Y así va transcurriendo la vida de Mills. Amenazado por un guionista misterioso
y, a la vez, por un competidor que le puede quitar su puestazo en el estudio.
Entonces, como le ocurría al protagonista de “La hoguera de las vanidades” (¡qué
gran Amo del Universo hubiera sido Robbins!) un estúpido accidente hará que su
vida se convierta en una pesadilla. Como si fuera el protagonista de alguna de sus
propias producciones.
Hasta llegar a un final que, como lo describimos anteriormente, es uno de los
más salvajes y corrosivos de la historia del cine, digno de aparecer en cualquier
antología de Grandes Desenlaces de No Menos Grandes Películas.
Paradojas de la vida: el éxito de “The player” fue brutal y reactivó la filmaría otra
obra maestra, un prodigio de montaje: “Short cuts”, basada en los cuentos de
Robert Carver. Tres horas de puro cine.
Ironías de la vida, ahora: Altman consiguió que decenas y decenas de los actores
más famosos del cine de los ochenta y los noventa se interpretaran a sí mismos
en deliciosos y demoledores cameos. De hecho, el extraordinario final de “El
juego de Hollywood” juega con la iconografía de dos pesos pesados del cine que
aún siguen siendo muy taquilleros: Julia Roberts y Bruce Willis.

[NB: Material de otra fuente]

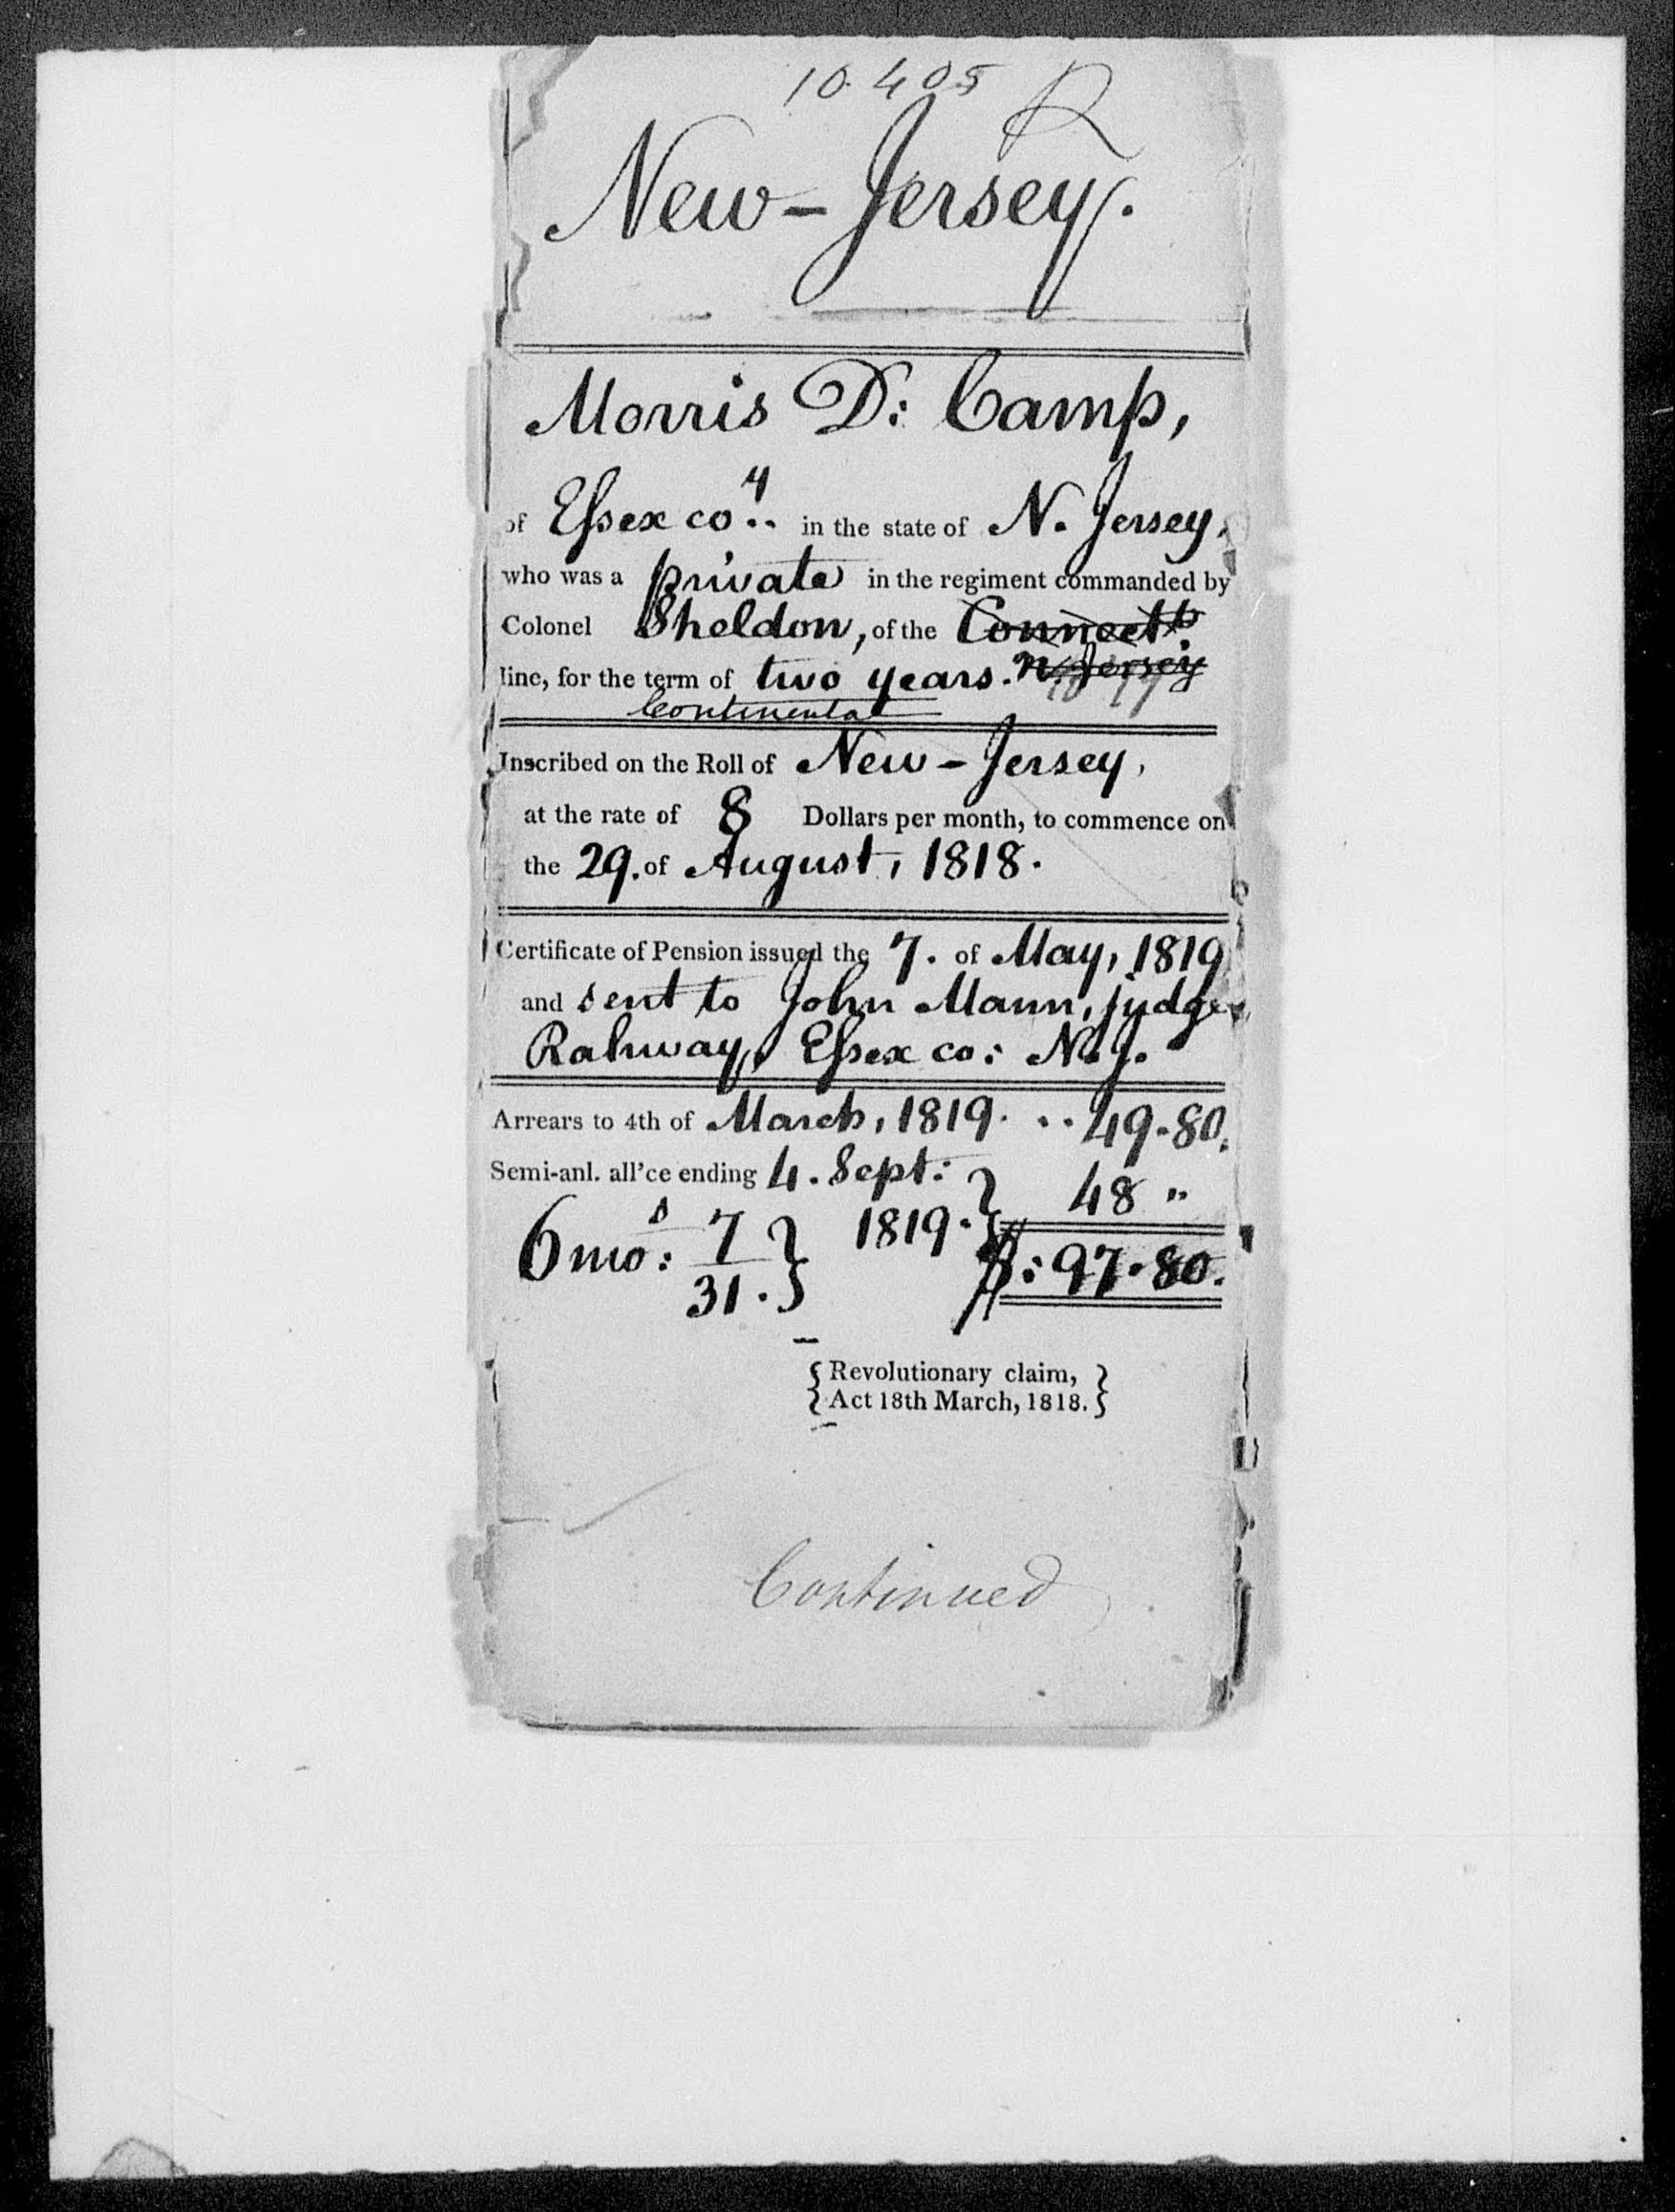10405
New-Jersey
-------------------------
Morris De Camp,
of Essex co in the State of N. Jersey,
who was a private in the regiment commanded by Colonel Sheldon, of the ['Connect't' and 'N. Jersey' crossed out] Continental line, for the term of two years.
--------------------------
Inscribed on the Roll of New-Jersey,
at the rate of 8 Dollars per month, to commence on the 29th of August, 1818.
--------------------------
Certificate of Pension issued the 7. of May, 1819
and sent to John Mann, Judge
Rahway, Essex co. N.J.
--------------------------
Arrears to 4th of March, 1819.             49.80
Semi-anl. all'ce ending 4. Sept. 1819   48.0
6 mo: 7/31 }                                           ______
                                                               $97.80.

{Revolutionary claim, }
{Act 18th March, 1818.}

Continued

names: John Mann, Morris D Camp, Sheldon
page: 2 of 52
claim: survivor's
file: S. 34172, Morris D Camp, Continental (New Jersey)

En 1994, Altman intentó repetir el éxito de “The player” con “Prêt-à-porter”,
metiendo su afilado bisturí en el mundo de la moda y utilizando de nuevo su
pedigrí para conseguir que las modelos y los modistos del momento se
interpretaran a sí mismos. Y, aunque tiene imágenes muy potentes, el director no
consiguió recrear la atmósfera parisina de las pasarelas de la misma forma que
ese Hollywood que tan bien conocía. En buena parte, por haberlo sufrido en sus
carnes.
Actualmente, la cadena de televisión HBO emite una serie, “El séquito”, sobre el
mundo del cine, más divertida y menos corrosiva que la película de Altman, pero
que muestra igualmente los entresijos del Hollywood contemporáneo y las
grandezas y miserias de sus protagonistas. Con la particularidad de que también
son numerosos los cameos de personalidades del cine que, como James Cameron,
Martin Scorsese, Dennis Hopper o Matt Damon, se interpretan a sí mismos, en
pariciones repletas de buen humor y buen rollo.
¡El cine, infatigable Fábrica de Sueños!